▶ [Description of the task]
Every entry must appear in the answer exactly as it does here.

═══ Supplied records

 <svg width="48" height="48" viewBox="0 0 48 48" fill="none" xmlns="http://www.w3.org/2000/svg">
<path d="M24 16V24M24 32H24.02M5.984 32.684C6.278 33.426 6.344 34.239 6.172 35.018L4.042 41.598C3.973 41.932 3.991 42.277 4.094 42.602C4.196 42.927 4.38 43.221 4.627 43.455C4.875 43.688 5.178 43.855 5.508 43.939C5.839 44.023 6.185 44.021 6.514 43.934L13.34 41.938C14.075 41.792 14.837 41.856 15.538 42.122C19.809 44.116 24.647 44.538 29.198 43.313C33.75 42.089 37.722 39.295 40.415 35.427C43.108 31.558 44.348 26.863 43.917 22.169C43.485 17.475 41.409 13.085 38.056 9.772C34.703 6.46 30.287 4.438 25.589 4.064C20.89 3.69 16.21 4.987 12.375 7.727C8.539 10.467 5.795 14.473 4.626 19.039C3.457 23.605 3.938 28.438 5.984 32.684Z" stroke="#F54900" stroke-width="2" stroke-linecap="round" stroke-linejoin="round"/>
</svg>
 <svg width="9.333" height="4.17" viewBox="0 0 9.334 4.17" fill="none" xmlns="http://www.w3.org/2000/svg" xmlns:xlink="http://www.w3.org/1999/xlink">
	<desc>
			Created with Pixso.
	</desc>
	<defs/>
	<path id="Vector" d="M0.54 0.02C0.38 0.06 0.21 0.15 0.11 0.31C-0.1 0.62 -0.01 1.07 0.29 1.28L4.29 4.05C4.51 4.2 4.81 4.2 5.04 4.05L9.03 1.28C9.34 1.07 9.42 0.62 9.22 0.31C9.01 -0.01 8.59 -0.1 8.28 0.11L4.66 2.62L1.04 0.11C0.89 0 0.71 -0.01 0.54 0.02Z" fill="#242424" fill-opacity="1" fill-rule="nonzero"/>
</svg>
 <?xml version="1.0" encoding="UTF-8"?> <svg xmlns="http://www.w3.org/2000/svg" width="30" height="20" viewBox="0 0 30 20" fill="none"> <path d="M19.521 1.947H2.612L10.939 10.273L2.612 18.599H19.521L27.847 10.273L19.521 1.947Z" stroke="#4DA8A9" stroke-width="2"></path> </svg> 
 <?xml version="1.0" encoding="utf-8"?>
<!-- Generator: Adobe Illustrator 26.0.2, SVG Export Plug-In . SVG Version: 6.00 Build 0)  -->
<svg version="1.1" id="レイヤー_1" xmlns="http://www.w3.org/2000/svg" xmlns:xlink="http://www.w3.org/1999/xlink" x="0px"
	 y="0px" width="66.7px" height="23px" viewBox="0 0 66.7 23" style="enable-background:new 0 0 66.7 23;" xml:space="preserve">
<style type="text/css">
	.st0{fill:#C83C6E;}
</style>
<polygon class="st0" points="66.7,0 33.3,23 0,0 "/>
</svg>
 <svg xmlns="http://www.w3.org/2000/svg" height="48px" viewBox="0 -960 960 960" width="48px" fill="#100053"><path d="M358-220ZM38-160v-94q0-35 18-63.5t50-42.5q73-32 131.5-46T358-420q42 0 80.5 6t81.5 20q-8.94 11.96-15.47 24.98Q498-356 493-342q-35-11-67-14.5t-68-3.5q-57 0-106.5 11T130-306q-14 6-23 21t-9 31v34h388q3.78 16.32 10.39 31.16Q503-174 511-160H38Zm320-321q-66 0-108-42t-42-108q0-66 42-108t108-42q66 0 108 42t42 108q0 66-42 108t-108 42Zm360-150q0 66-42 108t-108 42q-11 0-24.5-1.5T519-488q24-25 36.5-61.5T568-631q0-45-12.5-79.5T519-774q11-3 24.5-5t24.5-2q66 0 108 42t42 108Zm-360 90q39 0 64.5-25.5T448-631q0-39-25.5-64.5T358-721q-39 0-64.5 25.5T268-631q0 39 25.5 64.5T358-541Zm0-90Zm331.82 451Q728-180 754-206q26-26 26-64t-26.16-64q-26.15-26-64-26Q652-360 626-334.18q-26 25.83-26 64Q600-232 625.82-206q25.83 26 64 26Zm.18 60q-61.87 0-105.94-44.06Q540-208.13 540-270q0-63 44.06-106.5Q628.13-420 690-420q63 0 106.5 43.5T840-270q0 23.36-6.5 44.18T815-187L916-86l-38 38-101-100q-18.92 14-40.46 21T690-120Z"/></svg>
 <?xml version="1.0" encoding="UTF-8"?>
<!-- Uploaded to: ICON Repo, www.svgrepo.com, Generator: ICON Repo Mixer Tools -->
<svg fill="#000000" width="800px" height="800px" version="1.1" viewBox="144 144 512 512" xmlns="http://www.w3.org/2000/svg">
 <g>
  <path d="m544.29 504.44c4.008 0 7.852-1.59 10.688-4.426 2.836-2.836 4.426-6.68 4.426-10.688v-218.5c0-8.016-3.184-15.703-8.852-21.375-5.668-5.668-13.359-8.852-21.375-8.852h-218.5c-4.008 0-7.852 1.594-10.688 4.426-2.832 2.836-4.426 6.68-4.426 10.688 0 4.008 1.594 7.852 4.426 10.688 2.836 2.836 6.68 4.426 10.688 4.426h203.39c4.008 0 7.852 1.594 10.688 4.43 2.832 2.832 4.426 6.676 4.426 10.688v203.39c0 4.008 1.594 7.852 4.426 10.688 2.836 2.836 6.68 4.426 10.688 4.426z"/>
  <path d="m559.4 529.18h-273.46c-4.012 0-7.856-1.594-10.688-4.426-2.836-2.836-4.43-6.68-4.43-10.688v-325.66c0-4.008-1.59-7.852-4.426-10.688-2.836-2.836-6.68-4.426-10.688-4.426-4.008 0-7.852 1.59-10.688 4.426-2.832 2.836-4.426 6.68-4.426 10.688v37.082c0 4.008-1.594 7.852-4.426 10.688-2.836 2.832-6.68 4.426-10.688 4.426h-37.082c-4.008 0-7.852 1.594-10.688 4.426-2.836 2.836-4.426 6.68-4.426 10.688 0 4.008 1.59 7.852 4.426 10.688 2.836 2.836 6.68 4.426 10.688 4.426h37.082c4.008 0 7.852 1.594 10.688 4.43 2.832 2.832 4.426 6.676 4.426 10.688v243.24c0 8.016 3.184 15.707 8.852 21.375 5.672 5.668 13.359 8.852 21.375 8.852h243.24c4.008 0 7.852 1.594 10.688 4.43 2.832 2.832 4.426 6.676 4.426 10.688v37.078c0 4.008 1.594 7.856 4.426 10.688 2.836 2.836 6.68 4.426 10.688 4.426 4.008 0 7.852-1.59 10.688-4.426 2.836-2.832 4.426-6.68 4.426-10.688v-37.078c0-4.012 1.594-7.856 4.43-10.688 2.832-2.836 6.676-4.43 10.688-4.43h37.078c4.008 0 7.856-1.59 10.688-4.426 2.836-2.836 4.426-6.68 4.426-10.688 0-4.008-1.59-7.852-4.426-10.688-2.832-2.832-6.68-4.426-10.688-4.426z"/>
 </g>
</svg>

══════

▶ [Answer box]
 <svg width="48" height="48" viewBox="0 0 48 48" fill="none" xmlns="http://www.w3.org/2000/svg">
<path d="M24 16V24M24 32H24.02M5.984 32.684C6.278 33.426 6.344 34.239 6.172 35.018L4.042 41.598C3.973 41.932 3.991 42.277 4.094 42.602C4.196 42.927 4.38 43.221 4.627 43.455C4.875 43.688 5.178 43.855 5.508 43.939C5.839 44.023 6.185 44.021 6.514 43.934L13.34 41.938C14.075 41.792 14.837 41.856 15.538 42.122C19.809 44.116 24.647 44.538 29.198 43.313C33.75 42.089 37.722 39.295 40.415 35.427C43.108 31.558 44.348 26.863 43.917 22.169C43.485 17.475 41.409 13.085 38.056 9.772C34.703 6.46 30.287 4.438 25.589 4.064C20.89 3.69 16.21 4.987 12.375 7.727C8.539 10.467 5.795 14.473 4.626 19.039C3.457 23.605 3.938 28.438 5.984 32.684Z" stroke="#F54900" stroke-width="2" stroke-linecap="round" stroke-linejoin="round"/>
</svg>
 <svg width="9.333" height="4.17" viewBox="0 0 9.334 4.17" fill="none" xmlns="http://www.w3.org/2000/svg" xmlns:xlink="http://www.w3.org/1999/xlink">
	<desc>
			Created with Pixso.
	</desc>
	<defs/>
	<path id="Vector" d="M0.54 0.02C0.38 0.06 0.21 0.15 0.11 0.31C-0.1 0.62 -0.01 1.07 0.29 1.28L4.29 4.05C4.51 4.2 4.81 4.2 5.04 4.05L9.03 1.28C9.34 1.07 9.42 0.62 9.22 0.31C9.01 -0.01 8.59 -0.1 8.28 0.11L4.66 2.62L1.04 0.11C0.89 0 0.71 -0.01 0.54 0.02Z" fill="#242424" fill-opacity="1" fill-rule="nonzero"/>
</svg>
 <?xml version="1.0" encoding="UTF-8"?> <svg xmlns="http://www.w3.org/2000/svg" width="30" height="20" viewBox="0 0 30 20" fill="none"> <path d="M19.521 1.947H2.612L10.939 10.273L2.612 18.599H19.521L27.847 10.273L19.521 1.947Z" stroke="#4DA8A9" stroke-width="2"></path> </svg> 
 <?xml version="1.0" encoding="utf-8"?>
<!-- Generator: Adobe Illustrator 26.0.2, SVG Export Plug-In . SVG Version: 6.00 Build 0)  -->
<svg version="1.1" id="レイヤー_1" xmlns="http://www.w3.org/2000/svg" xmlns:xlink="http://www.w3.org/1999/xlink" x="0px"
	 y="0px" width="66.7px" height="23px" viewBox="0 0 66.7 23" style="enable-background:new 0 0 66.7 23;" xml:space="preserve">
<style type="text/css">
	.st0{fill:#C83C6E;}
</style>
<polygon class="st0" points="66.7,0 33.3,23 0,0 "/>
</svg>
 <svg xmlns="http://www.w3.org/2000/svg" height="48px" viewBox="0 -960 960 960" width="48px" fill="#100053"><path d="M358-220ZM38-160v-94q0-35 18-63.5t50-42.5q73-32 131.5-46T358-420q42 0 80.5 6t81.5 20q-8.94 11.96-15.47 24.98Q498-356 493-342q-35-11-67-14.5t-68-3.5q-57 0-106.5 11T130-306q-14 6-23 21t-9 31v34h388q3.78 16.32 10.39 31.16Q503-174 511-160H38Zm320-321q-66 0-108-42t-42-108q0-66 42-108t108-42q66 0 108 42t42 108q0 66-42 108t-108 42Zm360-150q0 66-42 108t-108 42q-11 0-24.5-1.5T519-488q24-25 36.5-61.5T568-631q0-45-12.5-79.5T519-774q11-3 24.5-5t24.5-2q66 0 108 42t42 108Zm-360 90q39 0 64.5-25.5T448-631q0-39-25.5-64.5T358-721q-39 0-64.5 25.5T268-631q0 39 25.5 64.5T358-541Zm0-90Zm331.82 451Q728-180 754-206q26-26 26-64t-26.16-64q-26.15-26-64-26Q652-360 626-334.18q-26 25.83-26 64Q600-232 625.82-206q25.83 26 64 26Zm.18 60q-61.87 0-105.94-44.06Q540-208.13 540-270q0-63 44.06-106.5Q628.13-420 690-420q63 0 106.5 43.5T840-270q0 23.36-6.5 44.18T815-187L916-86l-38 38-101-100q-18.92 14-40.46 21T690-120Z"/></svg>
 <?xml version="1.0" encoding="UTF-8"?>
<!-- Uploaded to: ICON Repo, www.svgrepo.com, Generator: ICON Repo Mixer Tools -->
<svg fill="#000000" width="800px" height="800px" version="1.1" viewBox="144 144 512 512" xmlns="http://www.w3.org/2000/svg">
 <g>
  <path d="m544.29 504.44c4.008 0 7.852-1.59 10.688-4.426 2.836-2.836 4.426-6.68 4.426-10.688v-218.5c0-8.016-3.184-15.703-8.852-21.375-5.668-5.668-13.359-8.852-21.375-8.852h-218.5c-4.008 0-7.852 1.594-10.688 4.426-2.832 2.836-4.426 6.68-4.426 10.688 0 4.008 1.594 7.852 4.426 10.688 2.836 2.836 6.68 4.426 10.688 4.426h203.39c4.008 0 7.852 1.594 10.688 4.43 2.832 2.832 4.426 6.676 4.426 10.688v203.39c0 4.008 1.594 7.852 4.426 10.688 2.836 2.836 6.68 4.426 10.688 4.426z"/>
  <path d="m559.4 529.18h-273.46c-4.012 0-7.856-1.594-10.688-4.426-2.836-2.836-4.43-6.68-4.43-10.688v-325.66c0-4.008-1.59-7.852-4.426-10.688-2.836-2.836-6.68-4.426-10.688-4.426-4.008 0-7.852 1.59-10.688 4.426-2.832 2.836-4.426 6.68-4.426 10.688v37.082c0 4.008-1.594 7.852-4.426 10.688-2.836 2.832-6.68 4.426-10.688 4.426h-37.082c-4.008 0-7.852 1.594-10.688 4.426-2.836 2.836-4.426 6.68-4.426 10.688 0 4.008 1.59 7.852 4.426 10.688 2.836 2.836 6.68 4.426 10.688 4.426h37.082c4.008 0 7.852 1.594 10.688 4.43 2.832 2.832 4.426 6.676 4.426 10.688v243.24c0 8.016 3.184 15.707 8.852 21.375 5.672 5.668 13.359 8.852 21.375 8.852h243.24c4.008 0 7.852 1.594 10.688 4.43 2.832 2.832 4.426 6.676 4.426 10.688v37.078c0 4.008 1.594 7.856 4.426 10.688 2.836 2.836 6.68 4.426 10.688 4.426 4.008 0 7.852-1.59 10.688-4.426 2.836-2.832 4.426-6.68 4.426-10.688v-37.078c0-4.012 1.594-7.856 4.43-10.688 2.832-2.836 6.676-4.43 10.688-4.43h37.078c4.008 0 7.856-1.59 10.688-4.426 2.836-2.836 4.426-6.68 4.426-10.688 0-4.008-1.59-7.852-4.426-10.688-2.832-2.832-6.68-4.426-10.688-4.426z"/>
 </g>
</svg>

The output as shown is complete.